Over-the-Air Computation over Balanced Numerals
This addresses efficient gradient aggregation in federated learning for edge devices, but it is incremental as it builds on existing over-the-air computation methods.
The study tackles the problem of continuous-valued gradient aggregation in federated edge learning by proposing a digital over-the-air computation scheme using balanced numerals, achieving theoretical mean squared error performance without precise synchronization or channel estimation.

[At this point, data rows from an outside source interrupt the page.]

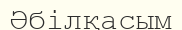
Әбілқасым
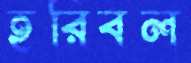
হরিবল
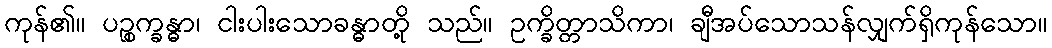
ကုန်၏။ ပဉ္စက္ခန္ဓာ၊ ငါးပါးသောခန္ဓာတို့ သည်။ ဥက္ခိတ္တာသိကာ၊ ချီအပ်သောသန်လျှက်ရှိကုန်သော။
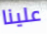
علينا
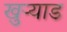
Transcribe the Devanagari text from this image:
खुऱ्याड
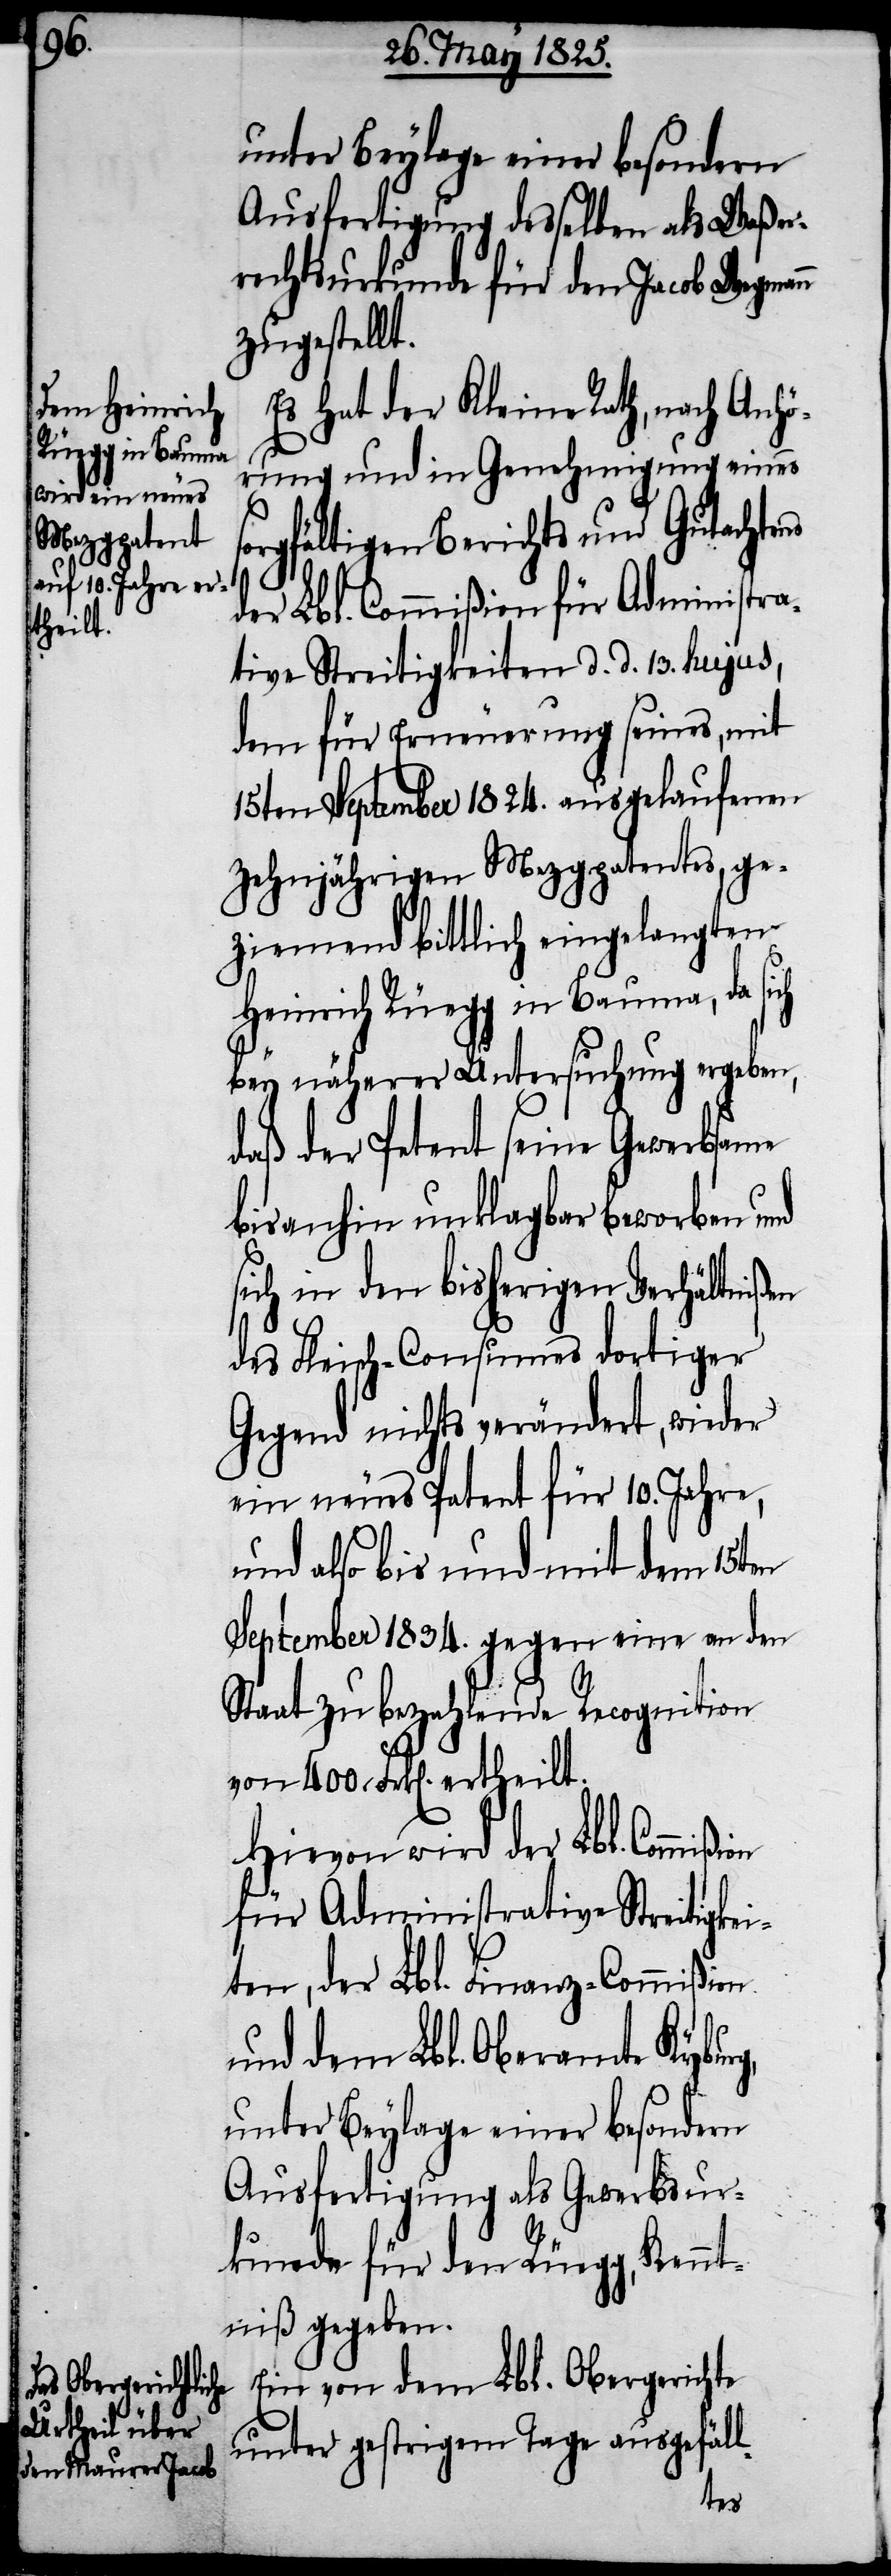
ßion
theilt.

unter Beylage einer besondern
Ausfertigung desselben als Waßer¬
rechtsurkunde für den Jacob Wegman¬
zugestellt.
Es hat der Kleine Rath, nach Anhö¬
rung und in Genehmigung eines
orgfältigen Berichts und Gutachtens
der Lbl. Commißion für Administra¬
tive Streitigkeiten d. d. 13. hujus,
dem für Erneuerung seines, mit
15ten September 1824. ausgelaufenen
zehnjährigen Mezgpatentes, ge¬
ziemend bittlich eingelangten
Heinrich Rüegg in Bauma, da si¬
bey näherer Untersuchung ergeben,
daß der Petent seine Gewerbsame
bis anhin unklagbar beworben und
sich in den bisherigen Verhältnißen
des Fleisch-Consumes dortiger
Gegend nichts verändert, wieder
ein neues Patent für 10. Jahre,
und also bis und mit dem 15ten
September 1834. gegen eine an den
Staat zu bezahlende Recognition
l-
Hievon wird der Lbl. Commi¬
für Administrative Streitigkei¬
ten, der Lbl. Finanz-Commißion
und dem Lbl. Oberamte Kyburg,
unter Beylage einer besondern
Ausfertigung als Gewerbsur¬
kunde für den Rüegg, Kennt¬
niß gegeben.
Ein von dem Lbl. Obergerichte
unter gestrigem Tage ausgefäl¬
er¬

In this study, a digital over-the-air computation (OAC) scheme for achieving continuous-valued gradient aggregation is proposed. It is shown that the average of a set of real-valued parameters can be calculated approximately by using the average of the corresponding numerals, where the numerals are obtained based on a balanced number system. By using this property, the proposed scheme encodes the local gradients into a set of numerals. It then determines the positions of the activated orthogonal frequency division multiplexing (OFDM) subcarriers by using the values of the numerals. To eliminate the need for a precise sample-level time synchronization, channel estimation overhead, and power instabilities due to the channel inversion, the proposed scheme also uses a non-coherent receiver at the edge server (ES) and does not utilize a pre-equalization at the edge devices (EDs). Finally, the theoretical mean squared error (MSE) performance of the proposed scheme is derived and its performance for federated edge learning (FEEL) is demonstrated.